Posted on : December 3, 2016, By:  Chris Hildebrand
Parenting Plans in Arizona Divorce and Child Custody Cases

If you are involved in a divorce or a child custody case in Arizona, you need to know the specifics of Parenting Plans in Arizona divorce and child custody cases.

The two most basic components of an Arizona Parenting Plan are (1) legal decision making and (2) a parenting time schedule. But first, let’s talk about the legal requirements of a Parenting Plan in Arizona.

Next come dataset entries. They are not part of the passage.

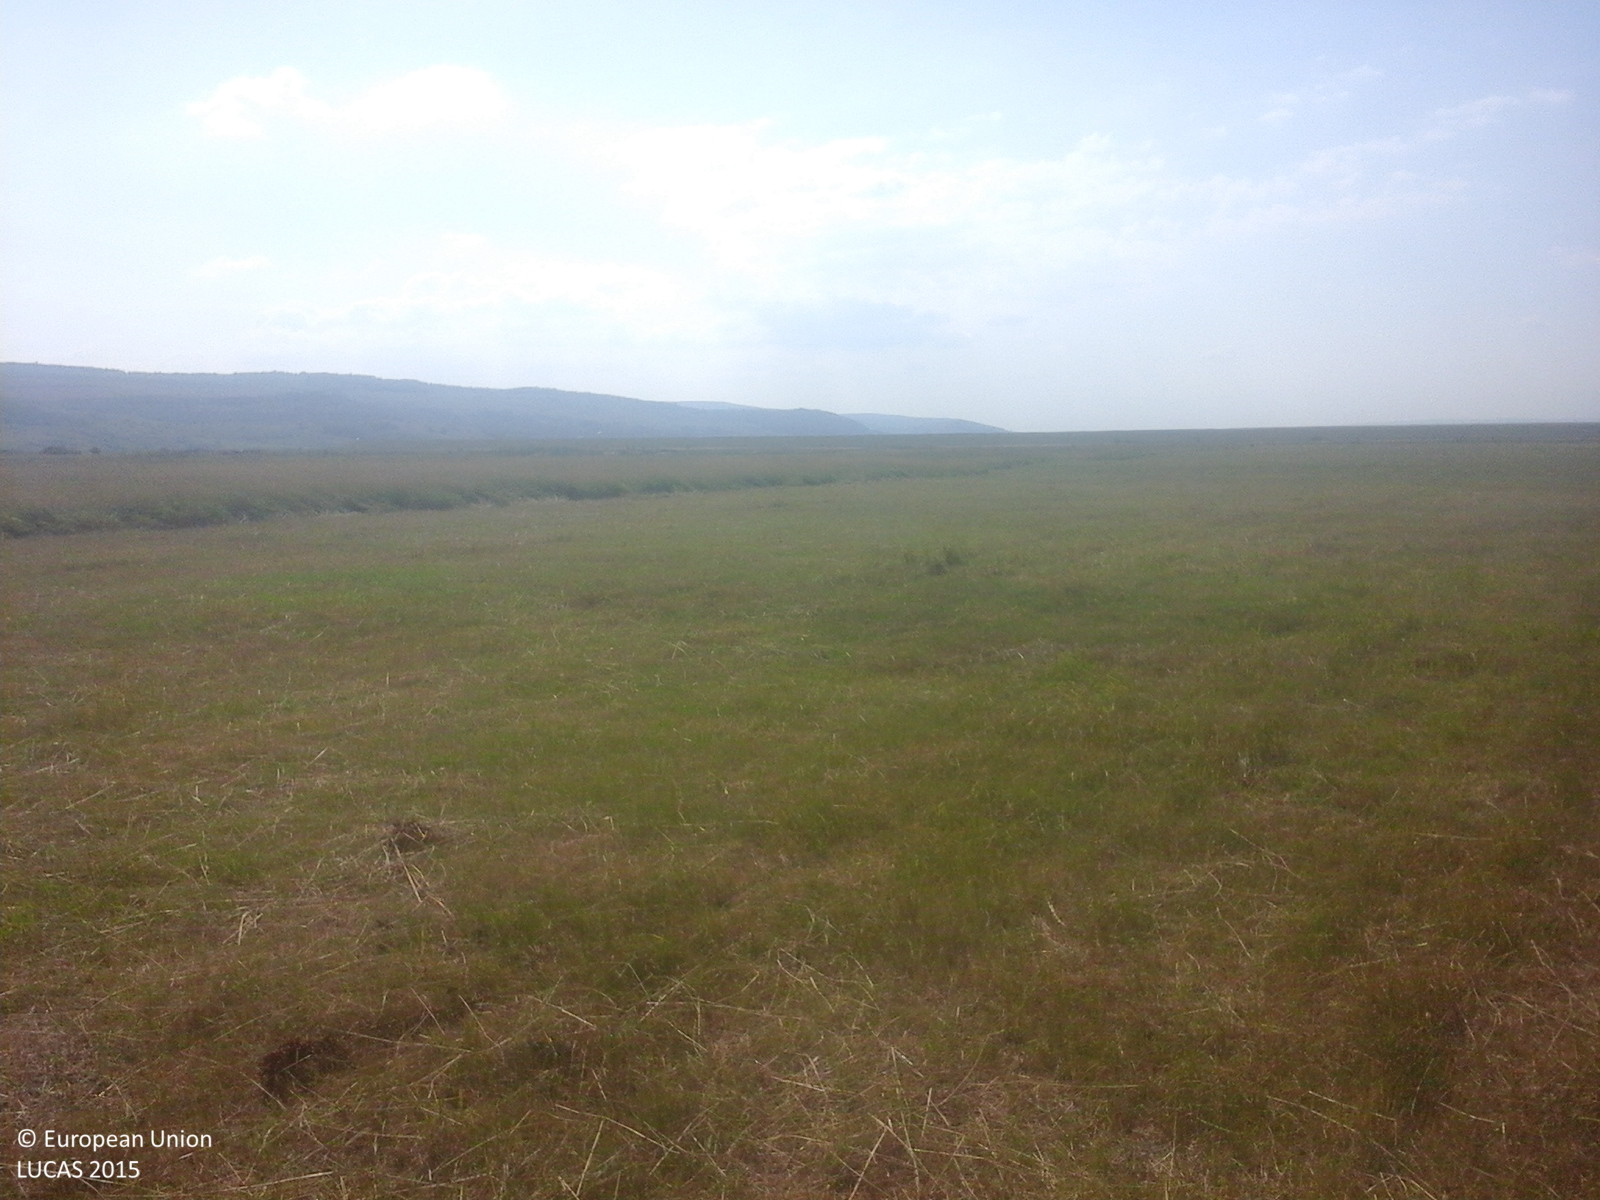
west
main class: Grassland
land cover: Grassland without tree/shrub cover
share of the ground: > 75 %
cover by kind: herbaceous plants 100 %
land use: Agriculture (excluding fallow land and kitchen gardens)
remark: Harvested field
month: June
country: RO
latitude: 46.8042
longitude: 27.5284
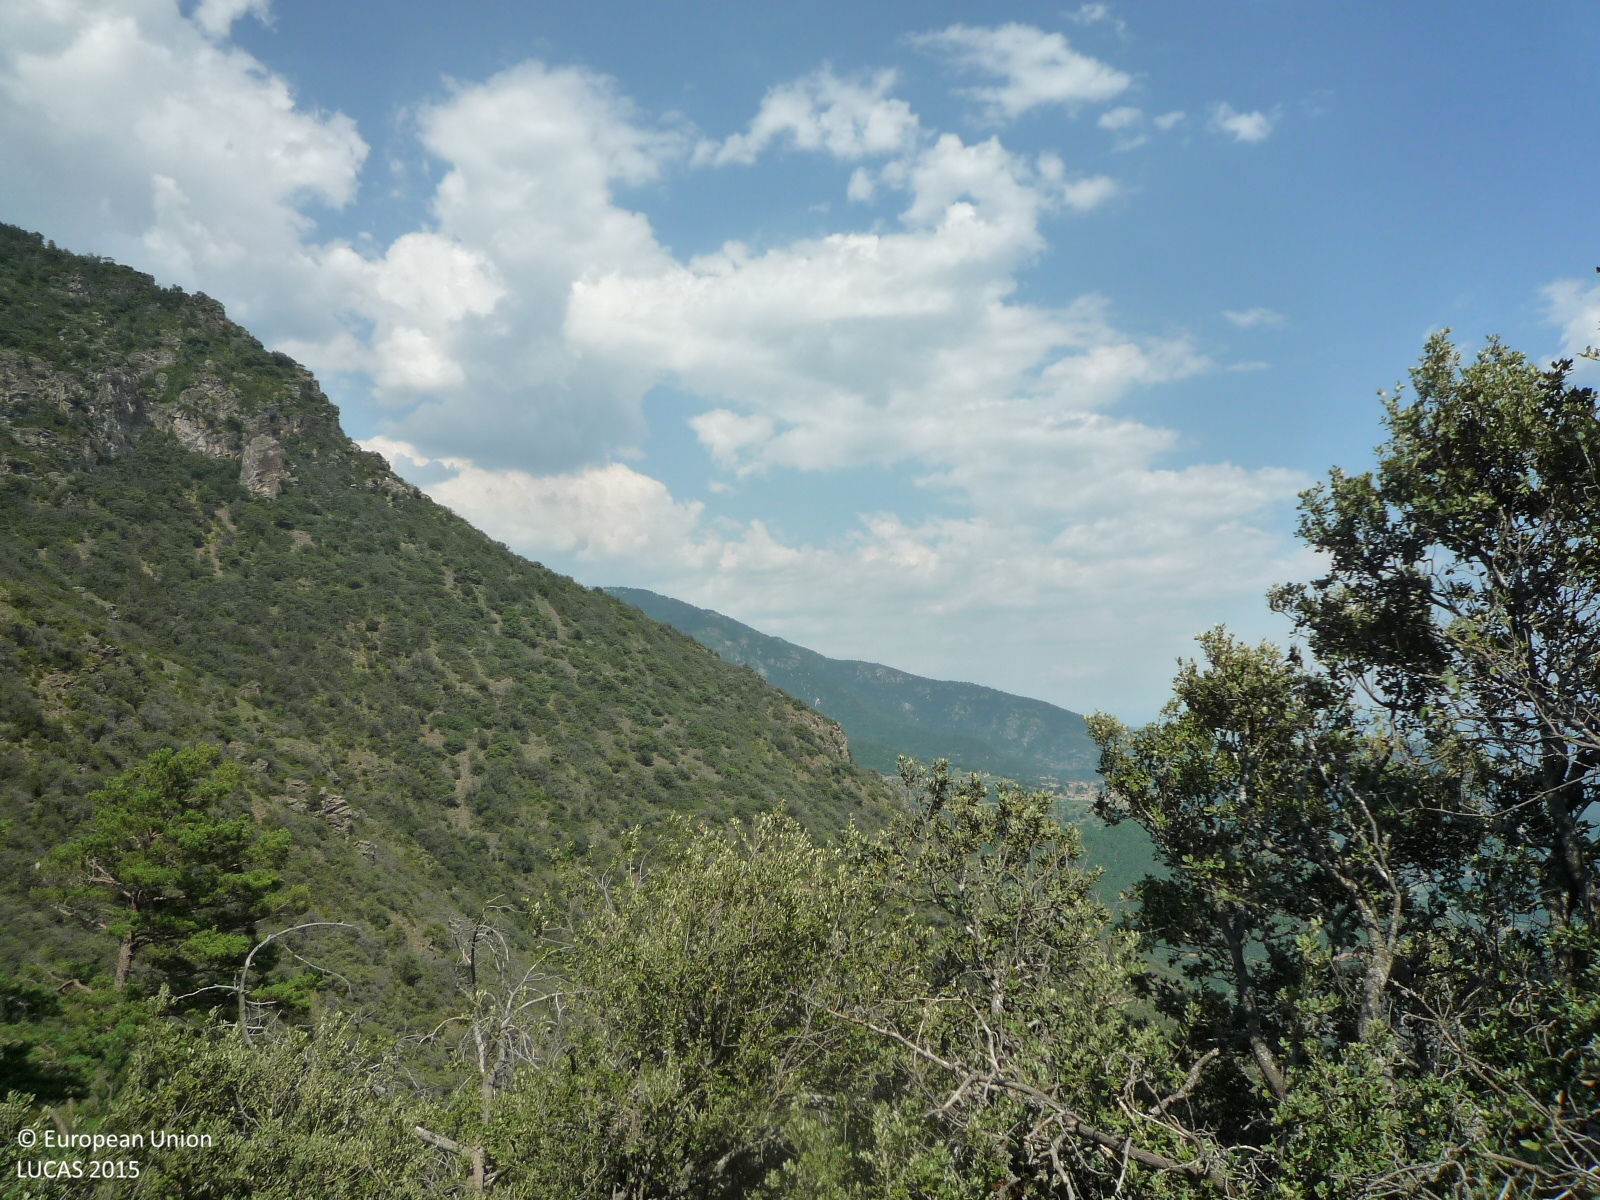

All Arizona Parenting Plans must meet the requirements of A.R.S. §25-403.02 which requires the following in any Parenting Plan submitted to a judge in Arizona:

  • Each party’s rights and responsibilities for the personal care of the child and for decisions in areas such as education, health care and religious training;
  • A practical schedule of parenting time for the child, including holidays and school vacations;
  • A procedure for the exchanges of the child, including location and responsibility for transportation;
  • A procedure by which proposed changes, disputes and alleged breaches may be mediated or resolved, which may include the use of conciliation services or private counseling;
  • A procedure for periodic review of the plan’s terms by the parties; and
  • A procedure for communicating with each other about the child, including methods and frequency of that communication;

Failure to address any of the factors in A.R.S. 25-403.02 will result in the court rejecting your proposed Parenting Plan.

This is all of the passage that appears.